KHARTOUM, June 26 (Reuters) - A Sudanese Christian convert detained since Tuesday after having her death sentence overturned is expected to be released when a guarantor is found to ensure she does not flee the country, in a case that has provoked international outrage.
Mariam Yahya Ibrahim was freed on Monday after an appeals court revoked a death sentence imposed on her for having converted from Islam to marry her Christian husband. The ruling came after what the government called unprecedented international pressure.
But the 27-year-old was detained again on Tuesday for trying to use documents issued by the embassy of South Sudan to fly out of Khartoum with her American-South Sudanese husband and their two children, deepening the diplomatic wrangle over her fate.
"The defence lawyer is looking for a Sudanese person who has a residence and workplace in the area of the police station to pledge in writing that he would get Mariam to the authorities whenever they ask for her," said lawyer Al-Sharif Ali Al-Sharif.
Sharif said that the process was intended to prevent Ibrahim from leaving for the United States with her family.
Despite lifting her death sentence, Sudan does not recognise Ibrahim as a Christian and therefore does not recognise her marriage as Muslim women are not permitted to marry Christian men under the Islamic laws applied in the African country.
South Sudan, which has a majority Christian population, became independent from Sudan after a public vote in 2011 that ended years of civil war between the two states.
Ibrahim's case triggered an international outcry and was closely monitored by Washington and London, which last month summoned the Sudanese charge d'affaires to protest against Ibrahim's initial death sentence and urged Sudan to uphold its international obligations on freedom of religion and belief.
South Sudan's presidential spokesman said Ibrahim's American husband was a South Sudanese citizen and that was the reason his family's travel documents were issued from the South Sudan embassy in Khartoum.

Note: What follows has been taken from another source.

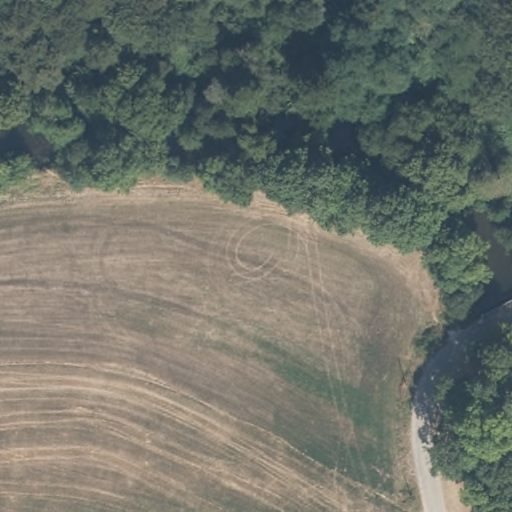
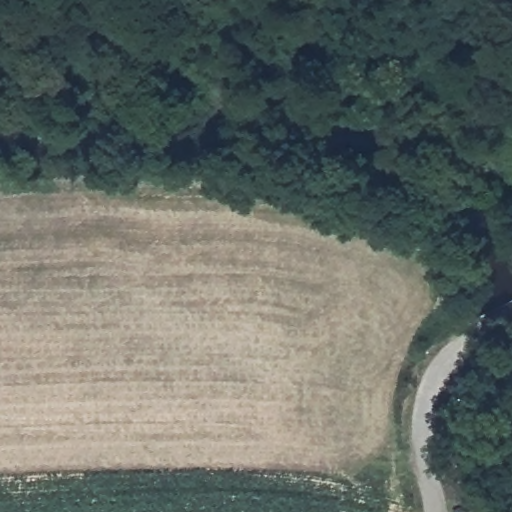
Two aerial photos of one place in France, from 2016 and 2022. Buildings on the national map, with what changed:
[]

A U.S. spokeswoman said on Thursday that Ibrahim had all the documents she needed to travel to the United States.
"It's up to the government of Sudan to allow her to exit the country," spokeswoman Marie Harf told a regular State Department news briefing.
"We are in communication with the Sudanese Foreign Ministry to ensure that she and her family will be free to travel as quickly as possible."
The United States has imposed economic sanctions on Sudan since 1997 over alleged human rights violations. It intensified sanctions in 2006 over Khartoum's actions in its conflict with rebels in the western region of Darfur. (Reporting by Maaz Alnugomi in Khartoum and David Storey in Washington; Writing by Yasmine Saleh; Editing by Lin Noueihed and Andrew Roche)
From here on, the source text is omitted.